(Task description) The lines below, beginning at the one that contains "STEP (ISO 10303-21)" and ending at the last, are to be retyped exactly.

[Stored records]

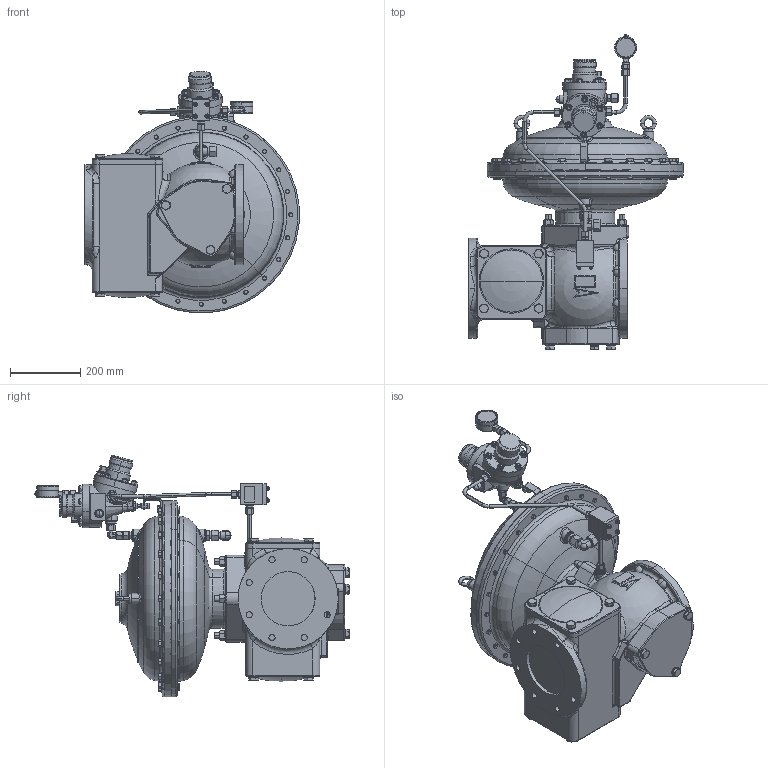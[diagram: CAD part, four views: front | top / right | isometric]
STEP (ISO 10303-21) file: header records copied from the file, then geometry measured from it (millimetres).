
FILE_DESCRIPTION (( 'STEP AP214' ), '1' );
FILE_NAME ('HON372_DN150_DN150_PN16_610_X_R_RE3.STEP', '2021-10-07T11:40:31', ( '' ), ( '' ), 'SwSTEP 2.0', 'SolidWorks 2019', '' );
FILE_SCHEMA (( 'AUTOMOTIVE_DESIGN' ));
Length unit declared in the file: millimetre
Products named in the file (1): HON372_DN150_DN150_PN16_610_X_R_RE3
Bounding box: 610 x 894.24 x 687.1 mm (x, y, z)
Volume: 73191921.3 mm3; surface area: 1746706.9 mm2
Topology: 1 solids, 1 shells, 2958 faces, 6799 edges, 4065 vertices
Faces by surface type: plane 1186, cone 845, cylinder 603, torus 160, bspline 131, sphere 33
Entity records: 107298 total; most frequent: CARTESIAN_POINT 38292, ORIENTED_EDGE 13542, DIRECTION 13019, EDGE_CURVE 6771, AXIS2_PLACEMENT_3D 5432, VERTEX_POINT 4057, EDGE_LOOP 3210, ADVANCED_FACE 2958

(Exercise result)
STEP (ISO 10303-21) file: header records copied from the file, then geometry measured from it (millimetres).
FILE_DESCRIPTION (( 'STEP AP214' ), '1' );
FILE_NAME ('HON372_DN150_DN150_PN16_610_X_R_RE3.STEP', '2021-10-07T11:40:31', ( '' ), ( '' ), 'SwSTEP 2.0', 'SolidWorks 2019', '' );
FILE_SCHEMA (( 'AUTOMOTIVE_DESIGN' ));
Length unit declared in the file: millimetre
Products named in the file (1): HON372_DN150_DN150_PN16_610_X_R_RE3
Bounding box: 610 x 894.24 x 687.1 mm (x, y, z)
Volume: 73191921.3 mm3; surface area: 1746706.9 mm2
Topology: 1 solids, 1 shells, 2958 faces, 6799 edges, 4065 vertices
Faces by surface type: plane 1186, cone 845, cylinder 603, torus 160, bspline 131, sphere 33
Entity records: 107298 total; most frequent: CARTESIAN_POINT 38292, ORIENTED_EDGE 13542, DIRECTION 13019, EDGE_CURVE 6771, AXIS2_PLACEMENT_3D 5432, VERTEX_POINT 4057, EDGE_LOOP 3210, ADVANCED_FACE 2958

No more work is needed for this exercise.